* _Aim of the task_: Copy the entries below exactly. Images do not belong in the copy.

* _Source data_:
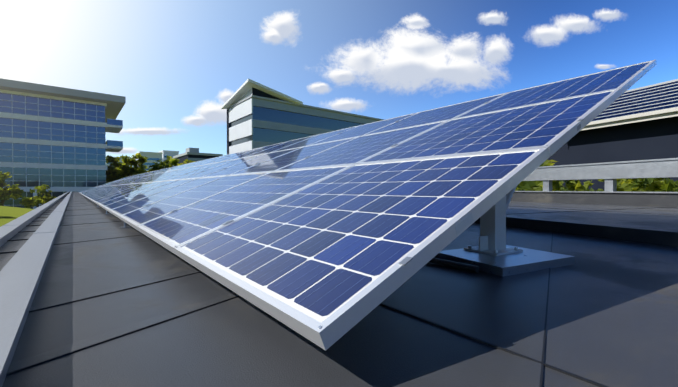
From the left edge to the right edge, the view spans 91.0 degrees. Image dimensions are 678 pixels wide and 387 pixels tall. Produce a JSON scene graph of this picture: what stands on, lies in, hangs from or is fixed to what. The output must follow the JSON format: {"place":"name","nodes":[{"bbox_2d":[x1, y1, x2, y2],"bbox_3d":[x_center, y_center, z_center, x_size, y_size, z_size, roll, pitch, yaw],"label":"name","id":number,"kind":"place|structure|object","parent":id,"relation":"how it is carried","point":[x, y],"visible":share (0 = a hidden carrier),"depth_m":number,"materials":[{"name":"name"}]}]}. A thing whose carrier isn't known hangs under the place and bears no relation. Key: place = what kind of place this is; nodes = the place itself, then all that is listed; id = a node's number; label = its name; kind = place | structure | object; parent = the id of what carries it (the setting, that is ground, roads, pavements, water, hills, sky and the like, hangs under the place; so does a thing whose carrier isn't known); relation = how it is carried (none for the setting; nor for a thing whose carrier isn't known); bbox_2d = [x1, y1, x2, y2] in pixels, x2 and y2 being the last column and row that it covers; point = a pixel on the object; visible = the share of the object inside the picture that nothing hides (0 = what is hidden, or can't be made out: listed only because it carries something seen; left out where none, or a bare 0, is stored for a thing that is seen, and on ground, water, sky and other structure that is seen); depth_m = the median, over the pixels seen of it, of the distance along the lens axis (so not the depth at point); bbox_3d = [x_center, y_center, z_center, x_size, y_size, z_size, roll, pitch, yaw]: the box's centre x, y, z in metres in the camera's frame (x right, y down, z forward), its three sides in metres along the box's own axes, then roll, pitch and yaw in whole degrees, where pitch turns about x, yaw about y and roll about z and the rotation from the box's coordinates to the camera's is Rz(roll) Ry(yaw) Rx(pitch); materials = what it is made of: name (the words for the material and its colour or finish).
{"place":"outdoors","nodes":[
{"label":"outdoors","id":0,"kind":"place"},
{"bbox_2d":[0,206,33,226],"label":"grass mound","id":1,"kind":"object","parent":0,"point":[8,214],"depth_m":17.16,"materials":[{"name":"green plant"}]},
{"bbox_2d":[106,150,178,170],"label":"distant building","id":2,"kind":"structure","parent":0,"point":[156,156],"depth_m":221.96,"materials":[{"name":"grey glass"}]},
{"bbox_2d":[173,147,222,163],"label":"building","id":3,"kind":"structure","parent":0,"point":[193,154],"depth_m":144.92,"materials":[{"name":"grey concrete"}]},
{"bbox_2d":[0,0,677,165],"label":"sky","id":4,"kind":"structure","parent":0,"point":[175,64],"materials":[{"name":"blue"}]},
{"bbox_2d":[547,79,677,190],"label":"annex building","id":5,"kind":"structure","parent":0,"point":[640,123],"depth_m":11.66,"materials":[{"name":"black metal"}]},
{"label":"ground","id":6,"kind":"structure","parent":0,"visible":0},
{"bbox_2d":[0,171,24,205],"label":"tree","id":7,"kind":"object","parent":6,"relation":"on","point":[13,191],"depth_m":33.85,"materials":[{"name":"green plant"}]},
{"bbox_2d":[19,184,56,208],"bbox_3d":[-32.792,1.251,36.576,2.909,4.573,3.692,1,1,38],"label":"tree","id":8,"kind":"object","parent":6,"relation":"on","point":[29,203],"depth_m":36.16,"materials":[{"name":"green plant"}]},
{"bbox_2d":[0,78,125,208],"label":"office building","id":9,"kind":"structure","parent":6,"relation":"on","point":[53,138],"depth_m":54.07,"materials":[{"name":"blue glass"}]},
{"bbox_2d":[106,155,135,182],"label":"tree","id":10,"kind":"object","parent":6,"relation":"on","point":[116,174],"depth_m":76.78,"materials":[{"name":"green plant"}]},
{"bbox_2d":[106,155,140,182],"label":"tree","id":11,"kind":"object","parent":6,"relation":"on","point":[124,160],"depth_m":80.15,"materials":[{"name":"green plant"}]},
{"bbox_2d":[116,153,147,176],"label":"tree","id":12,"kind":"object","parent":6,"relation":"on","point":[141,160],"depth_m":81.00,"materials":[{"name":"green plant"}]},
{"bbox_2d":[149,162,165,170],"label":"tree","id":13,"kind":"object","parent":6,"relation":"on","point":[156,166],"depth_m":80.00,"materials":[{"name":"green plant"}]},
{"bbox_2d":[144,155,179,172],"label":"tree","id":14,"kind":"object","parent":6,"relation":"on","point":[169,162],"depth_m":82.64,"materials":[{"name":"green plant"}]},
{"bbox_2d":[177,159,194,165],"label":"tree","id":15,"kind":"object","parent":6,"relation":"on","point":[188,161],"depth_m":81.42,"materials":[{"name":"green plant"}]},
{"bbox_2d":[221,78,383,154],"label":"wedge building","id":16,"kind":"structure","parent":6,"relation":"on","point":[259,115],"depth_m":62.27,"materials":[{"name":"blue glass"}]},
{"bbox_2d":[0,158,677,386],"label":"roof","id":17,"kind":"structure","parent":6,"relation":"on","point":[91,295],"depth_m":0.88,"materials":[{"name":"dark roofing membrane"},{"name":"metal"}]},
{"bbox_2d":[79,60,656,350],"bbox_3d":[-8.267,-0.463,13.147,2.884,1.238,30.000,-1,1,-39],"label":"solar array","id":18,"kind":"object","parent":17,"relation":"on","point":[325,241],"depth_m":1.38,"materials":[{"name":"glass"}]},
{"bbox_2d":[515,161,593,190],"bbox_3d":[6.094,1.470,9.434,5.391,4.874,4.122,0,1,4],"label":"bush","id":19,"kind":"object","parent":6,"relation":"on","point":[576,185],"depth_m":9.19,"materials":[{"name":"green plant"}]},
{"bbox_2d":[541,160,593,190],"bbox_3d":[7.543,1.330,11.932,4.349,5.086,5.000,0,1,-10],"label":"yard tree","id":20,"kind":"object","parent":6,"relation":"on","point":[546,161],"depth_m":11.48,"materials":[{"name":"green plant"}]},
{"bbox_2d":[595,178,673,190],"bbox_3d":[8.664,1.512,9.884,5.134,4.777,4.211,0,1,1],"label":"bush","id":21,"kind":"object","parent":6,"relation":"on","point":[658,179],"depth_m":9.87,"materials":[{"name":"green plant"}]},
{"bbox_2d":[598,178,677,191],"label":"bush","id":22,"kind":"object","parent":6,"relation":"on","point":[658,186],"depth_m":7.79,"materials":[{"name":"green plant"}]},
{"bbox_2d":[632,181,676,191],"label":"bush","id":23,"kind":"object","parent":6,"relation":"on","point":[642,188],"depth_m":7.89,"materials":[{"name":"green plant"}]}
]}

* _Written answer_:
From the left edge to the right edge, the view spans 91.0 degrees. Image dimensions are 678 pixels wide and 387 pixels tall. Produce a JSON scene graph of this picture: what stands on, lies in, hangs from or is fixed to what. The output must follow the JSON format: {"place":"name","nodes":[{"bbox_2d":[x1, y1, x2, y2],"bbox_3d":[x_center, y_center, z_center, x_size, y_size, z_size, roll, pitch, yaw],"label":"name","id":number,"kind":"place|structure|object","parent":id,"relation":"how it is carried","point":[x, y],"visible":share (0 = a hidden carrier),"depth_m":number,"materials":[{"name":"name"}]}]}. A thing whose carrier isn't known hangs under the place and bears no relation. Key: place = what kind of place this is; nodes = the place itself, then all that is listed; id = a node's number; label = its name; kind = place | structure | object; parent = the id of what carries it (the setting, that is ground, roads, pavements, water, hills, sky and the like, hangs under the place; so does a thing whose carrier isn't known); relation = how it is carried (none for the setting; nor for a thing whose carrier isn't known); bbox_2d = [x1, y1, x2, y2] in pixels, x2 and y2 being the last column and row that it covers; point = a pixel on the object; visible = the share of the object inside the picture that nothing hides (0 = what is hidden, or can't be made out: listed only because it carries something seen; left out where none, or a bare 0, is stored for a thing that is seen, and on ground, water, sky and other structure that is seen); depth_m = the median, over the pixels seen of it, of the distance along the lens axis (so not the depth at point); bbox_3d = [x_center, y_center, z_center, x_size, y_size, z_size, roll, pitch, yaw]: the box's centre x, y, z in metres in the camera's frame (x right, y down, z forward), its three sides in metres along the box's own axes, then roll, pitch and yaw in whole degrees, where pitch turns about x, yaw about y and roll about z and the rotation from the box's coordinates to the camera's is Rz(roll) Ry(yaw) Rx(pitch); materials = what it is made of: name (the words for the material and its colour or finish).
{"place":"outdoors","nodes":[
{"label":"outdoors","id":0,"kind":"place"},
{"bbox_2d":[0,206,33,226],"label":"grass mound","id":1,"kind":"object","parent":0,"point":[8,214],"depth_m":17.16,"materials":[{"name":"green plant"}]},
{"bbox_2d":[106,150,178,170],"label":"distant building","id":2,"kind":"structure","parent":0,"point":[156,156],"depth_m":221.96,"materials":[{"name":"grey glass"}]},
{"bbox_2d":[173,147,222,163],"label":"building","id":3,"kind":"structure","parent":0,"point":[193,154],"depth_m":144.92,"materials":[{"name":"grey concrete"}]},
{"bbox_2d":[0,0,677,165],"label":"sky","id":4,"kind":"structure","parent":0,"point":[175,64],"materials":[{"name":"blue"}]},
{"bbox_2d":[547,79,677,190],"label":"annex building","id":5,"kind":"structure","parent":0,"point":[640,123],"depth_m":11.66,"materials":[{"name":"black metal"}]},
{"label":"ground","id":6,"kind":"structure","parent":0,"visible":0},
{"bbox_2d":[0,171,24,205],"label":"tree","id":7,"kind":"object","parent":6,"relation":"on","point":[13,191],"depth_m":33.85,"materials":[{"name":"green plant"}]},
{"bbox_2d":[19,184,56,208],"bbox_3d":[-32.792,1.251,36.576,2.909,4.573,3.692,1,1,38],"label":"tree","id":8,"kind":"object","parent":6,"relation":"on","point":[29,203],"depth_m":36.16,"materials":[{"name":"green plant"}]},
{"bbox_2d":[0,78,125,208],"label":"office building","id":9,"kind":"structure","parent":6,"relation":"on","point":[53,138],"depth_m":54.07,"materials":[{"name":"blue glass"}]},
{"bbox_2d":[106,155,135,182],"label":"tree","id":10,"kind":"object","parent":6,"relation":"on","point":[116,174],"depth_m":76.78,"materials":[{"name":"green plant"}]},
{"bbox_2d":[106,155,140,182],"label":"tree","id":11,"kind":"object","parent":6,"relation":"on","point":[124,160],"depth_m":80.15,"materials":[{"name":"green plant"}]},
{"bbox_2d":[116,153,147,176],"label":"tree","id":12,"kind":"object","parent":6,"relation":"on","point":[141,160],"depth_m":81.00,"materials":[{"name":"green plant"}]},
{"bbox_2d":[149,162,165,170],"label":"tree","id":13,"kind":"object","parent":6,"relation":"on","point":[156,166],"depth_m":80.00,"materials":[{"name":"green plant"}]},
{"bbox_2d":[144,155,179,172],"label":"tree","id":14,"kind":"object","parent":6,"relation":"on","point":[169,162],"depth_m":82.64,"materials":[{"name":"green plant"}]},
{"bbox_2d":[177,159,194,165],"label":"tree","id":15,"kind":"object","parent":6,"relation":"on","point":[188,161],"depth_m":81.42,"materials":[{"name":"green plant"}]},
{"bbox_2d":[221,78,383,154],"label":"wedge building","id":16,"kind":"structure","parent":6,"relation":"on","point":[259,115],"depth_m":62.27,"materials":[{"name":"blue glass"}]},
{"bbox_2d":[0,158,677,386],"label":"roof","id":17,"kind":"structure","parent":6,"relation":"on","point":[91,295],"depth_m":0.88,"materials":[{"name":"dark roofing membrane"},{"name":"metal"}]},
{"bbox_2d":[79,60,656,350],"bbox_3d":[-8.267,-0.463,13.147,2.884,1.238,30.000,-1,1,-39],"label":"solar array","id":18,"kind":"object","parent":17,"relation":"on","point":[325,241],"depth_m":1.38,"materials":[{"name":"glass"}]},
{"bbox_2d":[515,161,593,190],"bbox_3d":[6.094,1.470,9.434,5.391,4.874,4.122,0,1,4],"label":"bush","id":19,"kind":"object","parent":6,"relation":"on","point":[576,185],"depth_m":9.19,"materials":[{"name":"green plant"}]},
{"bbox_2d":[541,160,593,190],"bbox_3d":[7.543,1.330,11.932,4.349,5.086,5.000,0,1,-10],"label":"yard tree","id":20,"kind":"object","parent":6,"relation":"on","point":[546,161],"depth_m":11.48,"materials":[{"name":"green plant"}]},
{"bbox_2d":[595,178,673,190],"bbox_3d":[8.664,1.512,9.884,5.134,4.777,4.211,0,1,1],"label":"bush","id":21,"kind":"object","parent":6,"relation":"on","point":[658,179],"depth_m":9.87,"materials":[{"name":"green plant"}]},
{"bbox_2d":[598,178,677,191],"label":"bush","id":22,"kind":"object","parent":6,"relation":"on","point":[658,186],"depth_m":7.79,"materials":[{"name":"green plant"}]},
{"bbox_2d":[632,181,676,191],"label":"bush","id":23,"kind":"object","parent":6,"relation":"on","point":[642,188],"depth_m":7.89,"materials":[{"name":"green plant"}]}
]}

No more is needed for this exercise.